If we accomplish covenant defeasance, the following provisions of the indenture and the Notes would no longer apply:
the covenants set forth above under “—Merger, Consolidation or Sale of Assets” and “—Certain Covenants”; and
the event of default listed in the third bullet point under the heading “—Events of Default, Notice and Waiver” above, as well as events of default relating to certain events of bankruptcy, insolvency or reorganization specified in the Indenture.

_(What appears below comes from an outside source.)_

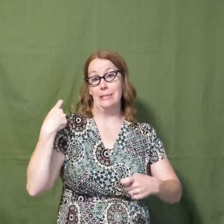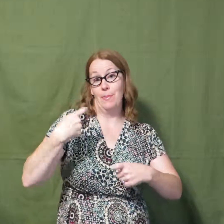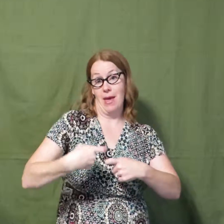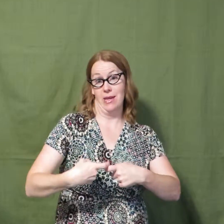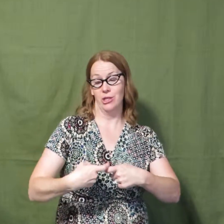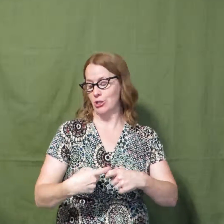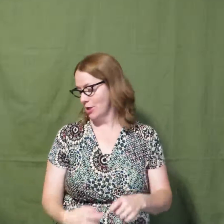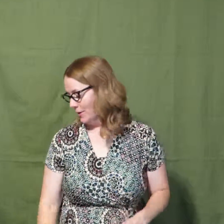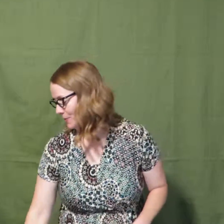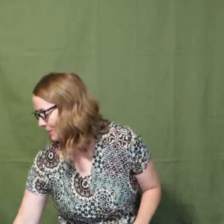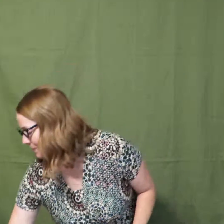Spanish.
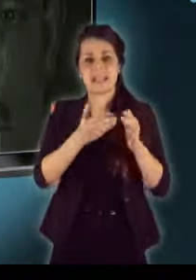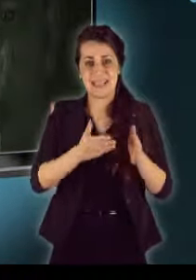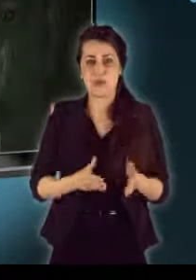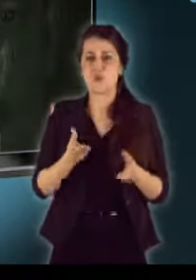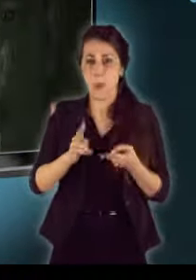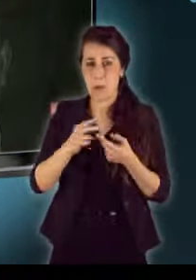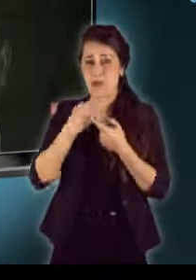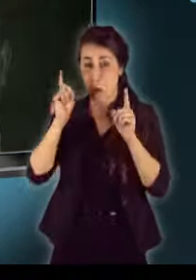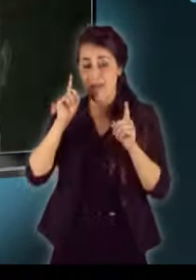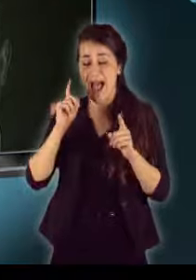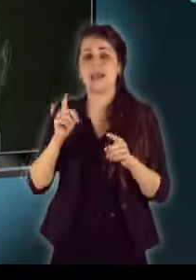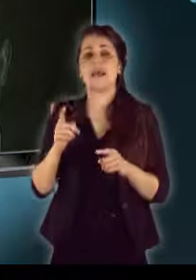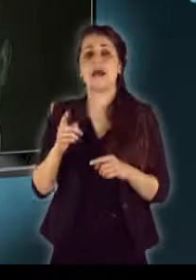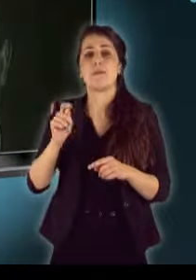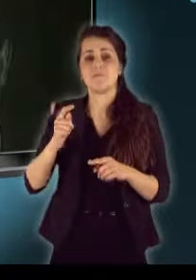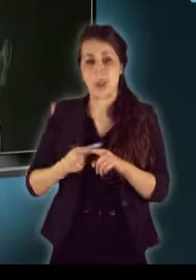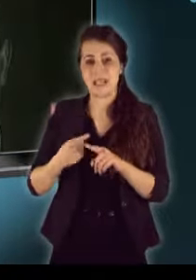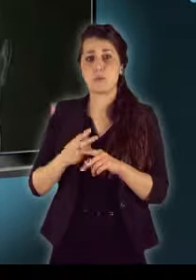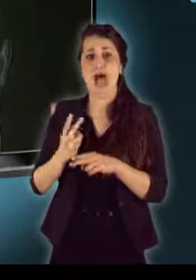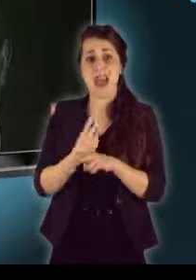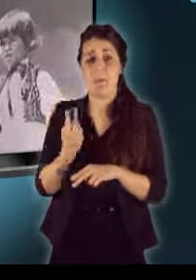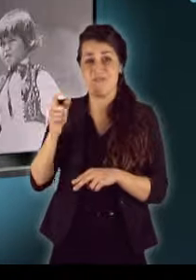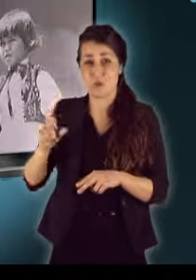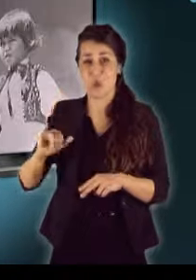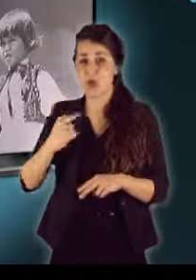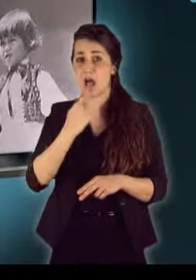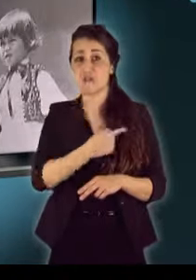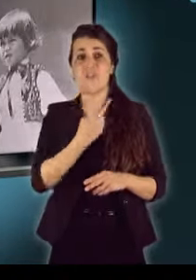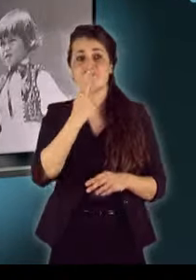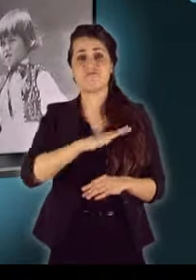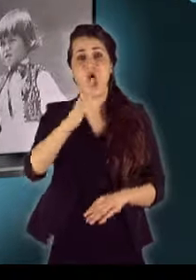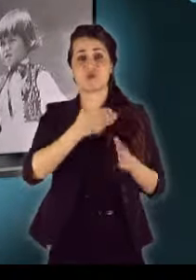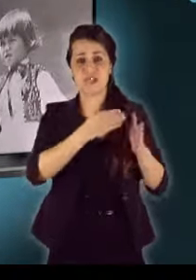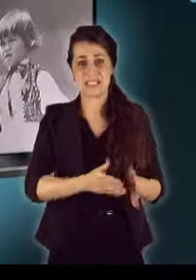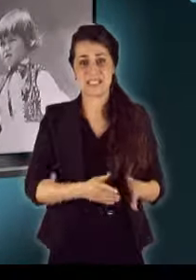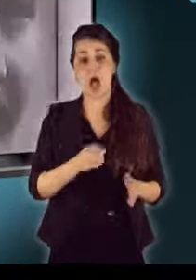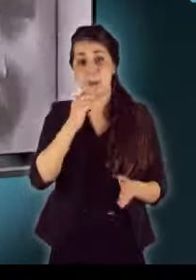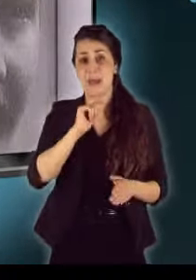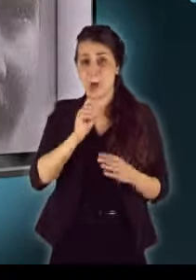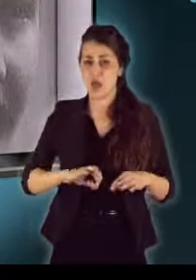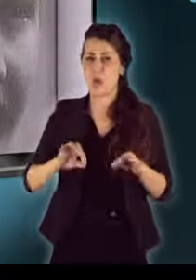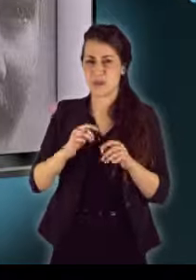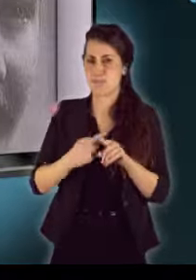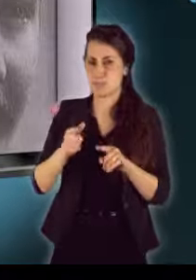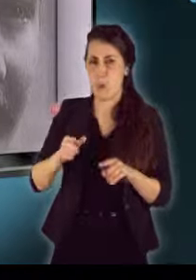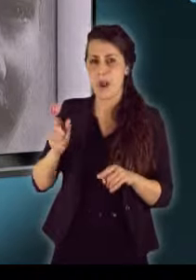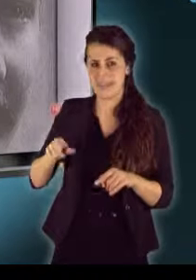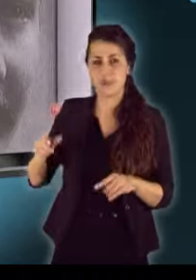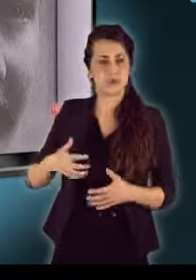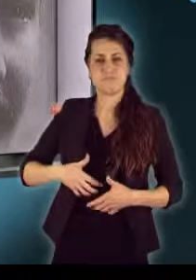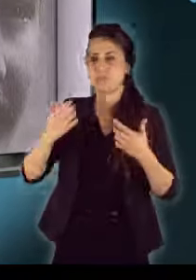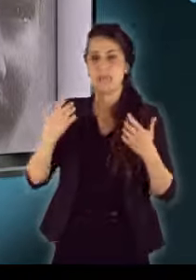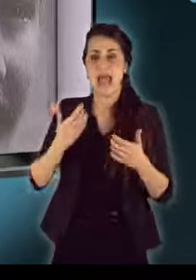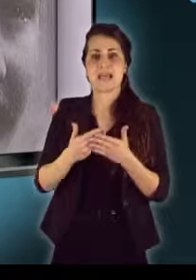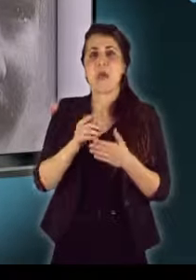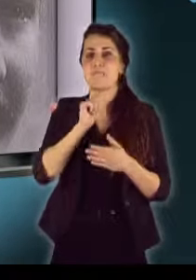politikus, köztük maga Kasparovics állam fő is fasisztának nevezte a közelmúltban, amivel magyarországi politikusok szerint az egész

            If we accomplish covenant defeasance, holders may still look to us for repayment of the Notes if a shortfall in the trust deposit occurred. A shortfall may occur if one of the remaining events of default occurs, such as our bankruptcy, causing the Notes to become immediately due and payable. Depending on the event causing the default, holders may not be able to obtain payment of the shortfall.

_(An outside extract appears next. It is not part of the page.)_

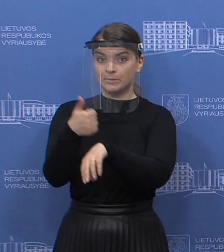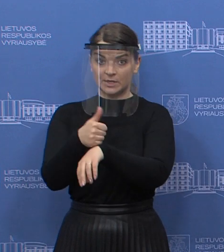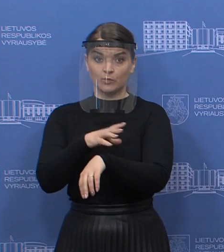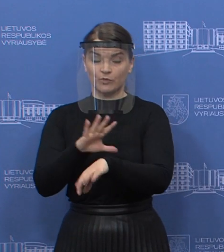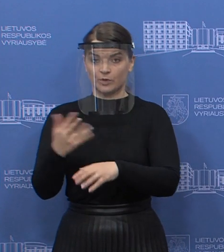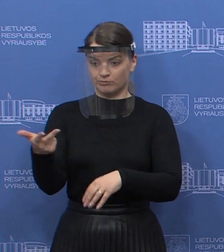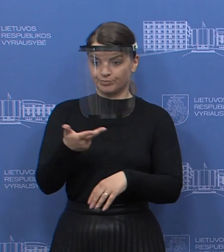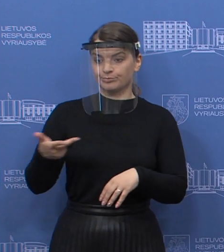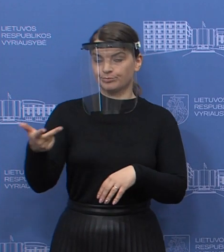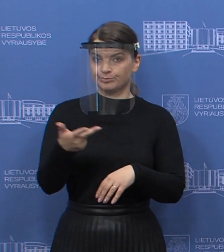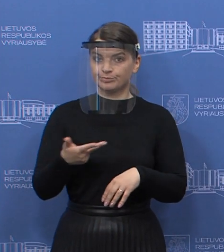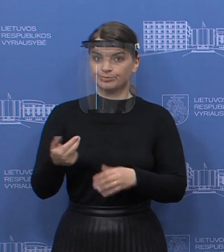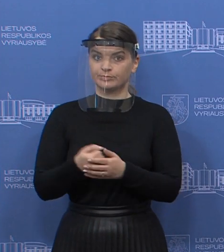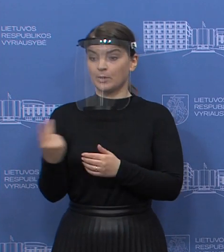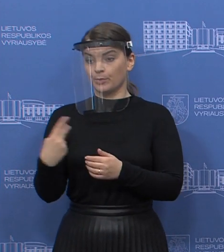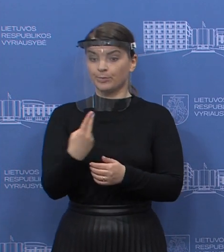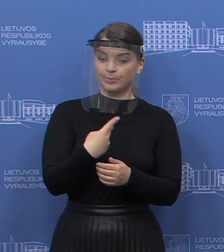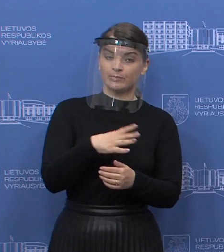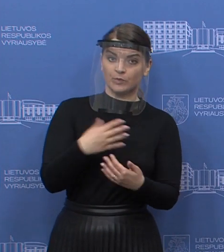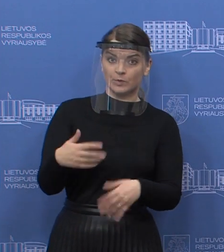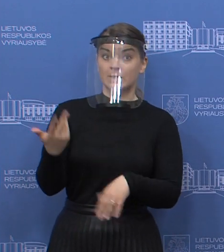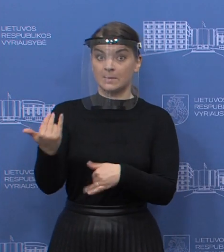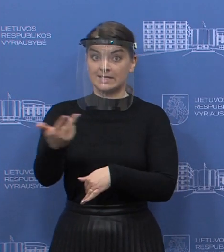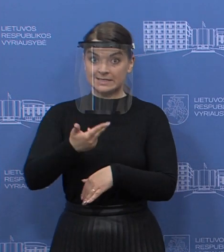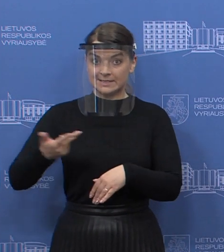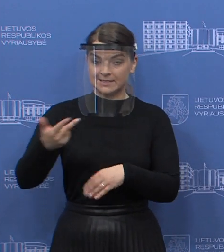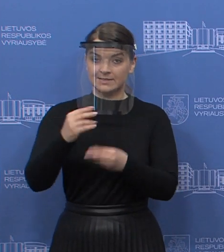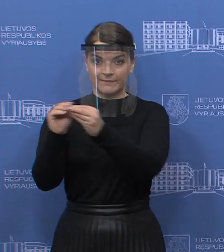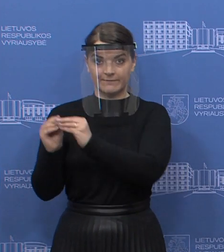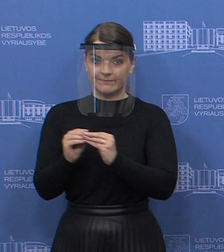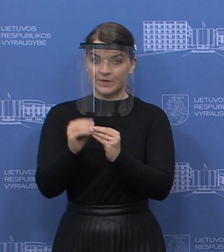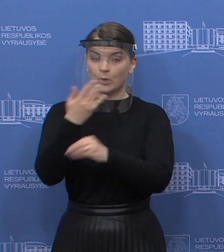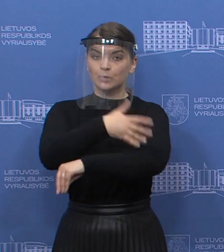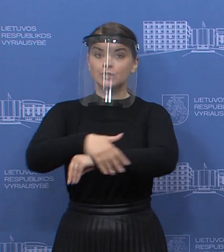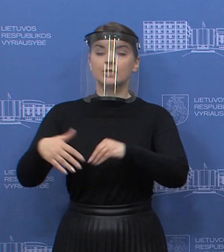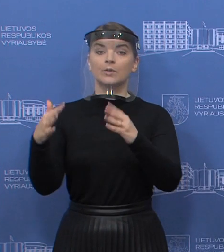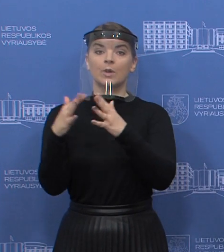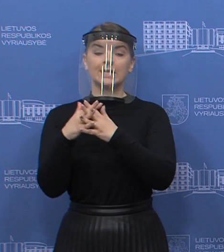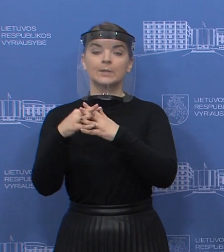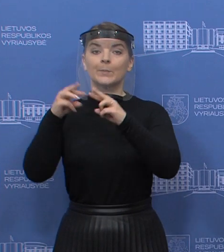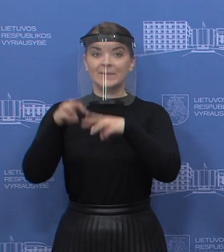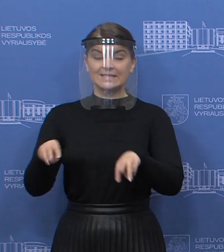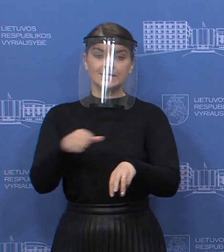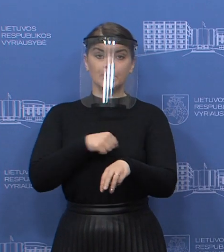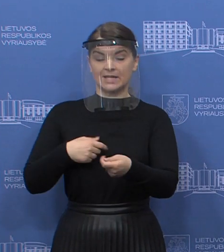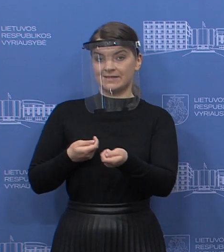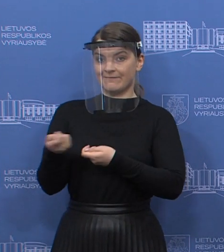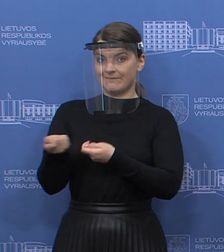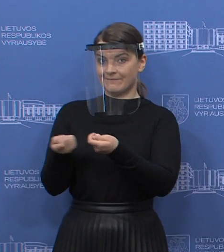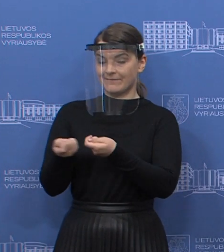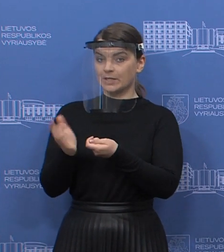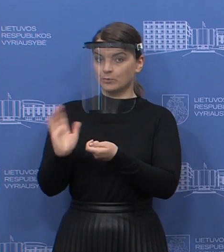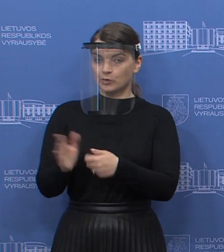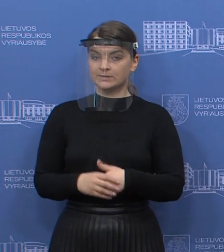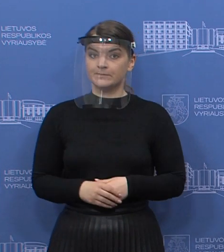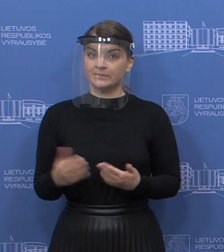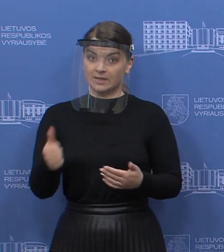Tiršalį turiu meniją, nes dvi šalių jau buvo iki tol. Tai nusprendėme, kad užsienio reikalų ministrai pakoordinuos mūsų veiksmus, kada

Information Concerning the Trustee
            The Trustee, other than during the occurrence and continuance of an event of default under the Indenture, undertakes to perform only such duties as are specifically set forth in the Indenture. Upon an event of default under the Indenture, the Trustee must use the same degree of care as a prudent person would exercise or use in the conduct of his or her own affairs. Subject to this provision, the Trustee is under no obligation to exercise any of the powers given it by the Indenture at the request of any holder of Notes unless it is offered reasonable security and indemnity against the costs, expenses and liabilities that it might incur. The Trustee is not required to spend or risk its own money or otherwise become financially liable while performing its duties unless it reasonably believes that it will be repaid or receive adequate indemnity.
Governing Law
            The Indenture is, and the Notes are, governed by and construed in accordance with the laws of the State of New York.